Я попросил его рассказать о своей жизни и обо всем, что он пережил на Даго.
- На военную службу я попал из батраков, был полуграмотным, - признался Цыганов. - Специальность и образование на флоте получил. В Кронштадте впервые обувь по ноге надел и крепкую красивую одежду. Краснофлотская форма меня покорила. Я решил навсегда остаться моряком.
Пять лет плавал сигнальщиком на тральцах. Все старшинские звания получил. Серьезным стал, женился. Послали меня на курсы политработников. Когда их кончил, мне присвоили звание политрука и отправили служить в Эстонию.
В Палдиски я поехал с женой и сыном Юркой, но жить с ними мне не пришлось.
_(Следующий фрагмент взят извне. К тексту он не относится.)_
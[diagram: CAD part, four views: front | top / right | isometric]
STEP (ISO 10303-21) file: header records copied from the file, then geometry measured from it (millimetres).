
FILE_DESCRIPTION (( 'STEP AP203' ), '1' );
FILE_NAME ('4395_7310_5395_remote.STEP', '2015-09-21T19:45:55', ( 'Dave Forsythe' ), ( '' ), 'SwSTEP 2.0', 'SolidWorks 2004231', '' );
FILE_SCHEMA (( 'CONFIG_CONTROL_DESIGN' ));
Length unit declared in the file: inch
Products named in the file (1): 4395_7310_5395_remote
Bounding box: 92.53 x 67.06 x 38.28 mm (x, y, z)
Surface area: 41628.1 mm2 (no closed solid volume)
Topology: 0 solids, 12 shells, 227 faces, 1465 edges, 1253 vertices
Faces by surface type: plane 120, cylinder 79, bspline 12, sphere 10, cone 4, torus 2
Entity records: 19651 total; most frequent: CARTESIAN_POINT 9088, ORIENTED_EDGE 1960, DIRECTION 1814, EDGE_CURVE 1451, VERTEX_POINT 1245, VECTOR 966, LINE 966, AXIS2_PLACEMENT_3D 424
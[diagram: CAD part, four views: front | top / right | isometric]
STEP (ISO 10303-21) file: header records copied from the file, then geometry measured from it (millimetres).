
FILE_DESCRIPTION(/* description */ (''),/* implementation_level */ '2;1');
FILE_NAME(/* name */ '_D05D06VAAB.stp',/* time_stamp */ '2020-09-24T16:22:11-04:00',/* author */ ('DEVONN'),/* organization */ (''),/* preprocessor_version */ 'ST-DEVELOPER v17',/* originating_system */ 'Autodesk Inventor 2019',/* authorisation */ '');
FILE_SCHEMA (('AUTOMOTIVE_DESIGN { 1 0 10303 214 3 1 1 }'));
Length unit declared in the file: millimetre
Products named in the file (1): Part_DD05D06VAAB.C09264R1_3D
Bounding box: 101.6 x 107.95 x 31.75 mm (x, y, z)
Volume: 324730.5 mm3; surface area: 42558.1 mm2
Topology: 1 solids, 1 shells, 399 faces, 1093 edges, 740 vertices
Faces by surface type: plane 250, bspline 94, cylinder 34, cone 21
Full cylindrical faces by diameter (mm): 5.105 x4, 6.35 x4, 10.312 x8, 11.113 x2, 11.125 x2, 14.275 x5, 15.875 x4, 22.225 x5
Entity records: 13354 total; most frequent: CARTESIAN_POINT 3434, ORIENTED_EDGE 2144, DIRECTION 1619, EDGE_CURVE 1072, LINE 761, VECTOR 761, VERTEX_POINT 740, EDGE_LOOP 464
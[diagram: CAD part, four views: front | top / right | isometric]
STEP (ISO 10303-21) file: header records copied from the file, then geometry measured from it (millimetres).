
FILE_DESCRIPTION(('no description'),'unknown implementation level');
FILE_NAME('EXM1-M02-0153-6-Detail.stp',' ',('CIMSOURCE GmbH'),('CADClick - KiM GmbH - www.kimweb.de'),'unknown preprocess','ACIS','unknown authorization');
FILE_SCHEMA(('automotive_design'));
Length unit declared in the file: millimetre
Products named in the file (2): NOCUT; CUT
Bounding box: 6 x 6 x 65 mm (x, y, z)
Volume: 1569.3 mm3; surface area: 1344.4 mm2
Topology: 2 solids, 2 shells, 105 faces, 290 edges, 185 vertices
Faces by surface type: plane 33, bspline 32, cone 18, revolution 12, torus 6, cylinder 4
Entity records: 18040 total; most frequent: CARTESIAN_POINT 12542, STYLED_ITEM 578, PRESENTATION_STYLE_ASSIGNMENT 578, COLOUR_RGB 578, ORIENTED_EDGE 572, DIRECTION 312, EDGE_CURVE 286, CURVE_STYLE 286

Под новый, сороковой год всю нашу береговую батарею переправили на остров Даго. Там на мысе мы должны были построить доты и установить дальнобойные пушки.
Зима. Холод. Сильные ветры. Кругом снег, камни и сосны. Селений поблизости нет, только хутора эстонские. Пришлось жить в палатках. Проснешься, а на волосах иней.
Мерзлую землю долбить нечем - лом да лопата. Ни валенок, ни шуб. Даже рукавиц брезентовых не хватило. А мороз сорок градусов. На тачках колеса не вертятся.
Мы ни одного дня не пропустили, рыли траншеи, цементом заливали. Отогревались у костров и печурок. Хотели свой мыс сделать неприступным.
Когда снег сошел, мы благоустройством занялись. Красный уголок построили, кинокартины крутили. К нам со всех хуторов эстонцы на велосипедах съезжались. Фильмы мы им показывали, но к батарее близко не подпускали.
Потом меня перевели на мыс Тахкун. Там стотридцатки устанавливали. У меня зимний опыт был, да и командира батареи хорошего прислали - старшего лейтенанта Галанина. Умный, спокойный. Знал, как строить, как пушки ставить и как из них стрелять.
Здесь близко поселок был. Я вызвал жену с Юркой и поселил у эстонки. Обедать и ужинать домой забегал.
Построили мы крепкие, непробойные доты. Но пушки еще на времянках стояли, когда началась война.
Вечером я с самодеятельностью в городишко Керло отправился. Но долго веселиться не пришлось: объявили тревогу. Мы все вернулись на батарею и были в готовности номер два. Но если бы в эту ночь напала на нас авиация, то одной бомбы хватило бы, чтобы вывести из строя батарею. Доты стояли пустыми.
Утром нам боезапаса подбросили. Думаем: "К чему бы? Учения, видно, будут".
В двенадцать дня забежал домой пообедать. Включил приемник, слышу: Гитлер напал! Мне аж жарко стало. Взглянул на жену и говорю:
- Укладывай чемоданы, вам с Юркой уезжать надо.
- Никуда мы без тебя не поедем, - заупрямилась она. - Я войны не боюсь.
А у самой губы трясутся. В глазах слезы.
- Будь умницей, - говорю. - Остров передовой линией морского фронта станет. Снаряды здесь землю перепашут. Вас в доты не укроешь. Уезжай на Волгу и живи там у наших.
Схватил фуражку и, не дослушав радио, бегом на батарею. Там митинг собрал. Решили немедля приступить к работе и не прекращать, пока пушки в дотах не укроем.
Семьдесят часов мы не спали, но пушки на железобетон поставили. Палаточный лагерь снесли и глубокие землянки, блиндажи построили. Склады тоже в землю укрыли. В общем, привели батарею в полную боевую готовность.
Второго числа буксир достали, чтобы семьи на материк перебросить. Жены плакали, некоторых не оторвать было от мужей. Но все уехали. Сразу у нас на сердце отлегло: хоть их бомбить не будут.
Зажили мы холостяцкой боевой жизнью. В первые дни тревожила только авиация. Но бомбы большого вреда не причиняли, лишь песок разбрасывали да воронки оставляли. А война все разгоралась. Немцы Латвию заняли, Таллинн окружили. Пробовали на нас с моря нападать, но обожглись: пушки точно били, с двух - трех выстрелов корабль накрывали.
Очень мне нравился наш старший лейтенант. В бою спокоен, голоса не меняет. Молодец! И командиров орудий хладнокровию научил. А для артиллериста это наипервейшее дело. Не суетись - будешь стрелять без промаха. И мне при таком командире легче моральный дух поддерживать. Когда флот ушел из Таллинна, бойцы не унывали, хотя понимали, что остались в глубоком тылу противника.